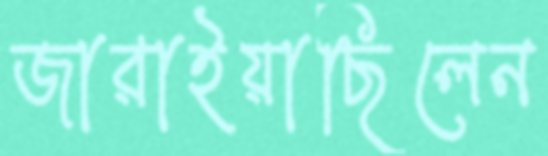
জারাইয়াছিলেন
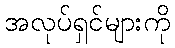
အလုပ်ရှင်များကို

---

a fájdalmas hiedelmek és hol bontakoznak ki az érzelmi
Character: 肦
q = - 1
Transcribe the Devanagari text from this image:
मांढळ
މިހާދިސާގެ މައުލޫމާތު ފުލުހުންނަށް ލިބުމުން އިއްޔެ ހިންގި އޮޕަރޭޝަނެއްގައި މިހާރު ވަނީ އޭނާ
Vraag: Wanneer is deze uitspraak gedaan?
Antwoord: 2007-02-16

--

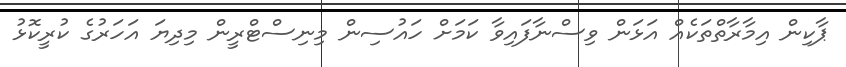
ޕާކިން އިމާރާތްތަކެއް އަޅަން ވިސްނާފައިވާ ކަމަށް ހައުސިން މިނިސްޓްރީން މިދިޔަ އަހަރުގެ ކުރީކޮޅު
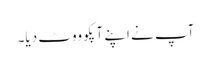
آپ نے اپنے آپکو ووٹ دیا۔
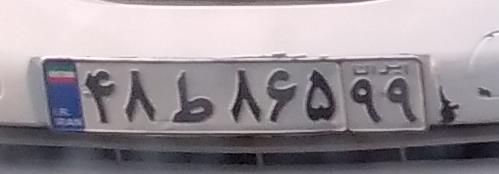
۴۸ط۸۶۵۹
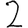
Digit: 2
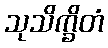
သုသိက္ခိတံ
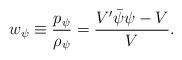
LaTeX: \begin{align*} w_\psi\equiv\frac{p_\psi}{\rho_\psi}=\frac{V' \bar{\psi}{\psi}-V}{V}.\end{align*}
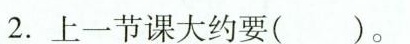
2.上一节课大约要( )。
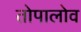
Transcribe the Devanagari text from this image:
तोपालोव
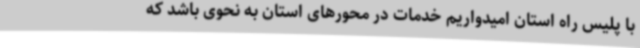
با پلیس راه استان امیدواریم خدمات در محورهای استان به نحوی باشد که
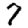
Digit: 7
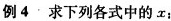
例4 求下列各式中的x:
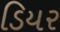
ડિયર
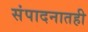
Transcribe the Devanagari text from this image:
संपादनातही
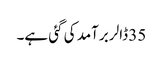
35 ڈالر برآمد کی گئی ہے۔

Task directions
Everything above from the line with "Character: 肦" to the line with "Antwoord: 2007-02-16", both included, must be repeated exactly, and nothing outside that range.

Result of the task
Character: 肦
q = - 1
Transcribe the Devanagari text from this image:
मांढळ
މިހާދިސާގެ މައުލޫމާތު ފުލުހުންނަށް ލިބުމުން އިއްޔެ ހިންގި އޮޕަރޭޝަނެއްގައި މިހާރު ވަނީ އޭނާ
Vraag: Wanneer is deze uitspraak gedaan?
Antwoord: 2007-02-16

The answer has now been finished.